Dengan begitu, ekspresi amarah yang berlebihan sebagai solusi pelarian masalah sering ditumpahkan orang tua terhadap anaknya. Ditambah lagi, kebiasaan memberlakukan hukuman fisik dalam interaksi sosial sehari-hari antara anak dan orang tua juga dinilai sebagai faktor eksternal yang bertanggung jawab atas muncul tindak kekerasan yang lebih serius terhadap anak. Tidak jarang masyarakat kita yang masih menerima, meyakini, serta menerapkan hukuman fisik sebagai metode ampuh dalam menciptakan karakter baik pada anak. 

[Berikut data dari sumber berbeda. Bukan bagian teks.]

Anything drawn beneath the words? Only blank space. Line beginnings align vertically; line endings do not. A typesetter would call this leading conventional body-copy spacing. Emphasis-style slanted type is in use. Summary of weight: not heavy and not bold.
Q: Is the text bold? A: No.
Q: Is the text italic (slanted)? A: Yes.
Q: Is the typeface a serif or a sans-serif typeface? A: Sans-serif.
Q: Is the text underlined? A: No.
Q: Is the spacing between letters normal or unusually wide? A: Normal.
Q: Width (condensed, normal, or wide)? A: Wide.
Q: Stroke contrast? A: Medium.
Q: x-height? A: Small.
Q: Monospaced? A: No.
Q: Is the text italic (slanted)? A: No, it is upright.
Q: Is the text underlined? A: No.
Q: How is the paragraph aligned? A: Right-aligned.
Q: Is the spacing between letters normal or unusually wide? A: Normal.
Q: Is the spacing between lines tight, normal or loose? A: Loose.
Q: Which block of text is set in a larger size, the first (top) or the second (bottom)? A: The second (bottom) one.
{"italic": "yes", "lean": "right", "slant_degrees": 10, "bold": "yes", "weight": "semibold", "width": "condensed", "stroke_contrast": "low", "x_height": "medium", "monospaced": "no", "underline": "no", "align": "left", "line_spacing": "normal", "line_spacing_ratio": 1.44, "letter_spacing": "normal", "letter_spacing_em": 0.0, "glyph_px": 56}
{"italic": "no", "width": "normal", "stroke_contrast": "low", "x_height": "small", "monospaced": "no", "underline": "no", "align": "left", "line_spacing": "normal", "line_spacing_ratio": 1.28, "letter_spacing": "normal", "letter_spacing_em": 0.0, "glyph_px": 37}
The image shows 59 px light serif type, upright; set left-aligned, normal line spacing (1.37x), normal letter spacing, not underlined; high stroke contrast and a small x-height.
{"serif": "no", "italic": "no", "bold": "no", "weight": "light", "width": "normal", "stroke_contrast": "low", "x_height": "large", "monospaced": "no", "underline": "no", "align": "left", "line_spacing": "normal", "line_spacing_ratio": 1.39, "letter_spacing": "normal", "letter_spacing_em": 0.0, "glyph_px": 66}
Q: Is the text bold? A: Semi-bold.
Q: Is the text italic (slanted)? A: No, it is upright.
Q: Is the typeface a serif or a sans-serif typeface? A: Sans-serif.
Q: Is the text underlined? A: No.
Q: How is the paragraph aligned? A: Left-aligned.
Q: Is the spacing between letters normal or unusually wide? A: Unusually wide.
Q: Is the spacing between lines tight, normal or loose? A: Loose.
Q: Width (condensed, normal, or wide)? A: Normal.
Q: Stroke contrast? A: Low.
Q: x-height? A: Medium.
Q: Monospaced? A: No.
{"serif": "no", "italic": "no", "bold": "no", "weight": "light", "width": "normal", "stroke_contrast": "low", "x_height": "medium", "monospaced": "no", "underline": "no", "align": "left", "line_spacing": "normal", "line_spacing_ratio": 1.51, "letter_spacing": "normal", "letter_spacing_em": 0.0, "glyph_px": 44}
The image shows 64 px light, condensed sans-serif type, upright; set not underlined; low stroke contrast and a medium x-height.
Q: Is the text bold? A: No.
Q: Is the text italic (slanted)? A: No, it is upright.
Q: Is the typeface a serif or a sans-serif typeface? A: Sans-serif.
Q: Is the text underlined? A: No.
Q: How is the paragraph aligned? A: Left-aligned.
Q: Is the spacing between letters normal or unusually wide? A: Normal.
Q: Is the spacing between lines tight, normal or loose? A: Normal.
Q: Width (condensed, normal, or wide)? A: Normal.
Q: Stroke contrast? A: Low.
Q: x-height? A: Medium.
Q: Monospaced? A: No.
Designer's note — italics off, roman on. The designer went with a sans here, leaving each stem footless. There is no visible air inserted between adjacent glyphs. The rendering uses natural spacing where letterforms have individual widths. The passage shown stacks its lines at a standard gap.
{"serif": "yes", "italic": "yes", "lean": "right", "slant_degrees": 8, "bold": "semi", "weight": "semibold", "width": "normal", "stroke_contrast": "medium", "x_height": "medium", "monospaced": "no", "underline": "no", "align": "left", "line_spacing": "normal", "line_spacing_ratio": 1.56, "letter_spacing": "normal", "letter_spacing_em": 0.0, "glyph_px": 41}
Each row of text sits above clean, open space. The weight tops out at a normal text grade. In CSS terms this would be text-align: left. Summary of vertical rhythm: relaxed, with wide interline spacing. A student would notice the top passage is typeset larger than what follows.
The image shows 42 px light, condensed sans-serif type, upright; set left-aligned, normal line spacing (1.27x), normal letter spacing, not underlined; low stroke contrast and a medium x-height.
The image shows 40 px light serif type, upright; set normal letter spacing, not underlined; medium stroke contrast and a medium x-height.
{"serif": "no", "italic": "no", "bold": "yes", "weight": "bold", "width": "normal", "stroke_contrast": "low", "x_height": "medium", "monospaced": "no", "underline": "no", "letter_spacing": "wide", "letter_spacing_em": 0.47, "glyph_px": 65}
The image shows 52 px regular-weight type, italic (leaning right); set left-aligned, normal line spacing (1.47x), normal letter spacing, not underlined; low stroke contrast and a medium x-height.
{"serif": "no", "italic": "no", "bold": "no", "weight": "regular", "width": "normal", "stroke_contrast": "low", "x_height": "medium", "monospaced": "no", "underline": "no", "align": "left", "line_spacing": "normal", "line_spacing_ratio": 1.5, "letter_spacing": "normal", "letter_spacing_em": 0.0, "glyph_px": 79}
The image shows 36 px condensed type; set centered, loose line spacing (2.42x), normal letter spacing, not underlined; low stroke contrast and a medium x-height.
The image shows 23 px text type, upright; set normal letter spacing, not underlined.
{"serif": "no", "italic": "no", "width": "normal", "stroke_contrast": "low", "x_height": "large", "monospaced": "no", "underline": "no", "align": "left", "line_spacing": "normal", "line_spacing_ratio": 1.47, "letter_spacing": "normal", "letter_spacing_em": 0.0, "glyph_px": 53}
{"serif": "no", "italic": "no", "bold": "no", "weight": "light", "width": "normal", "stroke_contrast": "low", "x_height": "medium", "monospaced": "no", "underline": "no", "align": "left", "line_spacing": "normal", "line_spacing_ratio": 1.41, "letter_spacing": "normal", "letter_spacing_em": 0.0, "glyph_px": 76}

Padahal hal tersebut tidak hanya dapat membahayakan fisik anak, namun lebih dari itu dapat menyisakan trauma berkepanjangan hingga anak dewasa. Karena itu, peringatan Hari Ibu, 22, Desember diharapkan dapat mengingatkan kembali para orang tua, khususnya ibu untuk dapat menjadi figur contoh bagi pembentukan pribadi anak melalui penciptaan lingkungan keluarga yang sehat, harmonis, dan bebas dari tindak kekerasan baik fisik maupun mental bagi anak-anak yang merupakan generasi penerus keluarga dan bangsa. 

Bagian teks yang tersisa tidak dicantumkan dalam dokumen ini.